> _Source data_
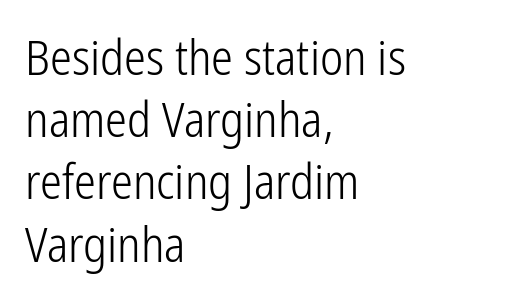
These lines keep a tight, regular rhythm from letter to letter. The typeface chosen for these lines omits serifs. Notice how the passage keeps a crisp vertical edge on the left only. Compared with a typical body face, this is equally light or lighter still.
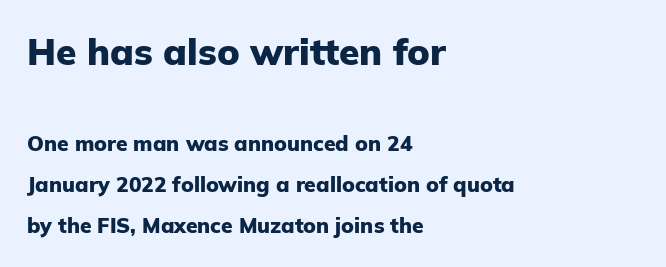
{"serif": "no", "italic": "no", "bold": "yes", "weight": "heavy", "width": "normal", "stroke_contrast": "low", "x_height": "medium", "monospaced": "no", "underline": "no", "align": "left", "line_spacing": "loose", "line_spacing_ratio": 1.96, "letter_spacing": "normal", "letter_spacing_em": 0.0, "larger_block": "first", "size_ratio": 1.76, "glyph_px": 37}
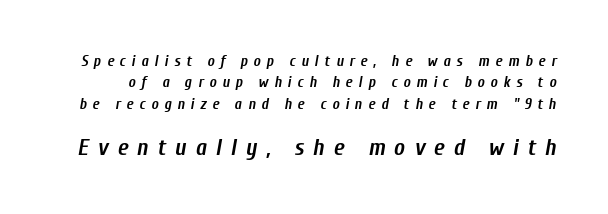
The image shows 23 px bold type, italic (leaning right); set normal line spacing (1.42x), unusually wide letter spacing (+0.39 em), not underlined; the second (bottom) block is 1.53x larger.
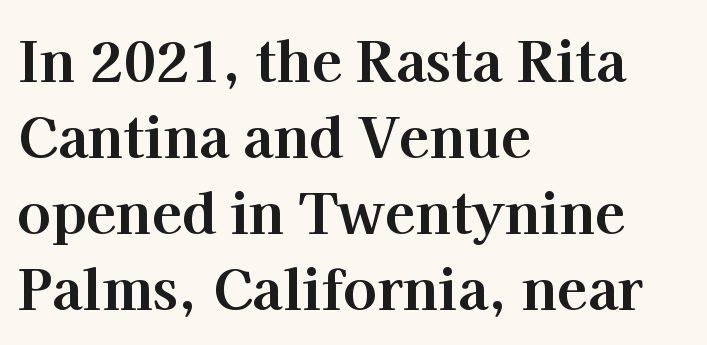
{"serif": "yes", "italic": "no", "bold": "yes", "weight": "bold", "width": "normal", "stroke_contrast": "high", "x_height": "medium", "monospaced": "no", "underline": "no", "align": "left", "line_spacing": "normal", "line_spacing_ratio": 1.36, "letter_spacing": "normal", "letter_spacing_em": 0.0, "glyph_px": 56}
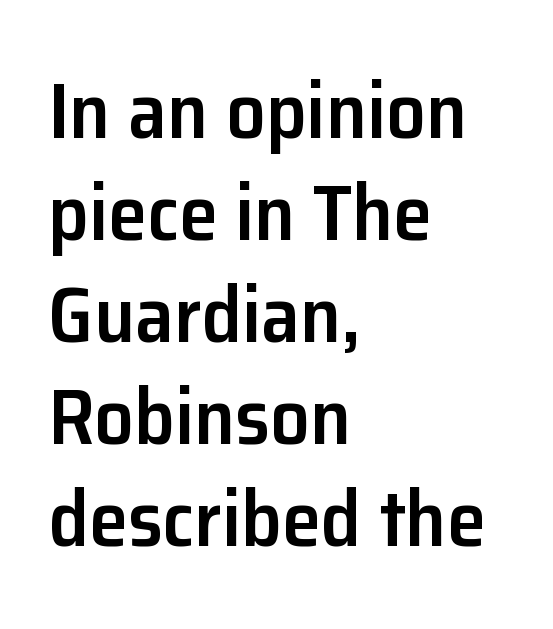
Q: Is the text bold? A: Semi-bold.
Q: Is the text italic (slanted)? A: No, it is upright.
Q: Is the typeface a serif or a sans-serif typeface? A: Sans-serif.
Q: Is the text underlined? A: No.
Q: How is the paragraph aligned? A: Left-aligned.
Q: Is the spacing between letters normal or unusually wide? A: Normal.
Q: Is the spacing between lines tight, normal or loose? A: Normal.
Q: Width (condensed, normal, or wide)? A: Normal.
Q: Stroke contrast? A: Low.
Q: x-height? A: Medium.
Q: Monospaced? A: No.
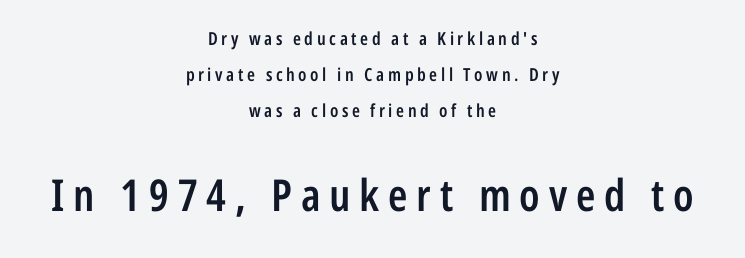
{"serif": "no", "italic": "no", "bold": "semi", "weight": "semibold", "width": "condensed", "stroke_contrast": "low", "x_height": "medium", "monospaced": "no", "underline": "no", "align": "center", "line_spacing": "loose", "line_spacing_ratio": 2.0, "letter_spacing": "wide", "letter_spacing_em": 0.2, "larger_block": "second", "size_ratio": 2.44, "glyph_px": 44}
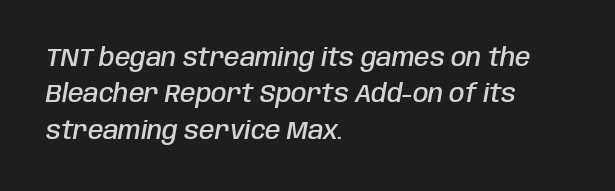
Q: Is the text bold? A: Semi-bold.
Q: Is the text italic (slanted)? A: Yes, it leans right by about 10 degrees.
Q: Is the text underlined? A: No.
Q: How is the paragraph aligned? A: Left-aligned.
Q: Is the spacing between letters normal or unusually wide? A: Normal.
Q: Is the spacing between lines tight, normal or loose? A: Normal.
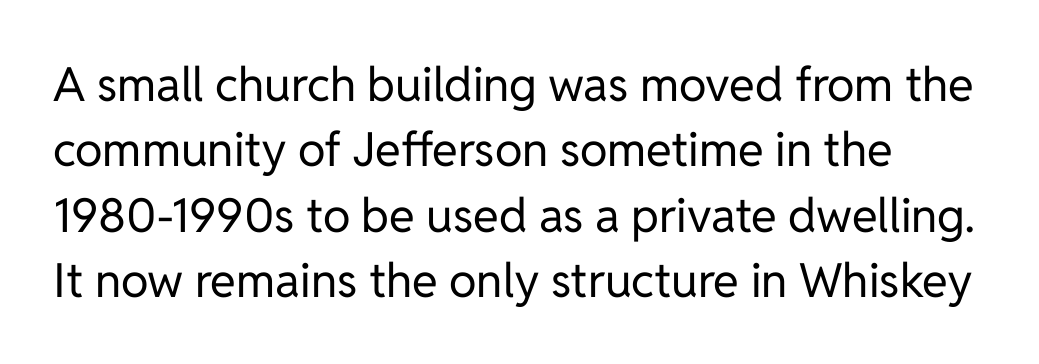
{"serif": "no", "italic": "no", "bold": "no", "weight": "regular", "width": "normal", "stroke_contrast": "low", "x_height": "medium", "monospaced": "no", "underline": "no", "align": "left", "line_spacing": "normal", "line_spacing_ratio": 1.39, "letter_spacing": "normal", "letter_spacing_em": 0.0, "glyph_px": 47}
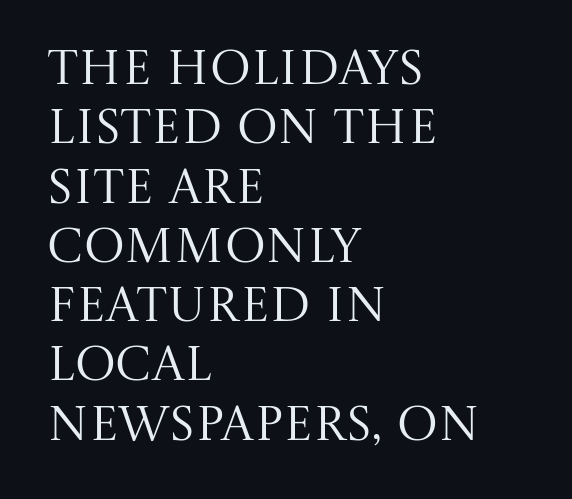
{"serif": "yes", "italic": "no", "bold": "no", "weight": "regular", "width": "normal", "stroke_contrast": "medium", "x_height": "large", "monospaced": "no", "underline": "no", "align": "left", "line_spacing_ratio": 1.21, "letter_spacing": "normal", "letter_spacing_em": 0.0, "glyph_px": 49}

> _Work to complete_
Repeat the exact lines from the first line of the data through the line containing "The image shows". Nothing else, no pictures.

> _Written response_
These lines keep a tight, regular rhythm from letter to letter. The typeface chosen for these lines omits serifs. Notice how the passage keeps a crisp vertical edge on the left only. Compared with a typical body face, this is equally light or lighter still.
{"serif": "no", "italic": "no", "bold": "yes", "weight": "heavy", "width": "normal", "stroke_contrast": "low", "x_height": "medium", "monospaced": "no", "underline": "no", "align": "left", "line_spacing": "loose", "line_spacing_ratio": 1.96, "letter_spacing": "normal", "letter_spacing_em": 0.0, "larger_block": "first", "size_ratio": 1.76, "glyph_px": 37}
The image shows 23 px bold type, italic (leaning right); set normal line spacing (1.42x), unusually wide letter spacing (+0.39 em), not underlined; the second (bottom) block is 1.53x larger.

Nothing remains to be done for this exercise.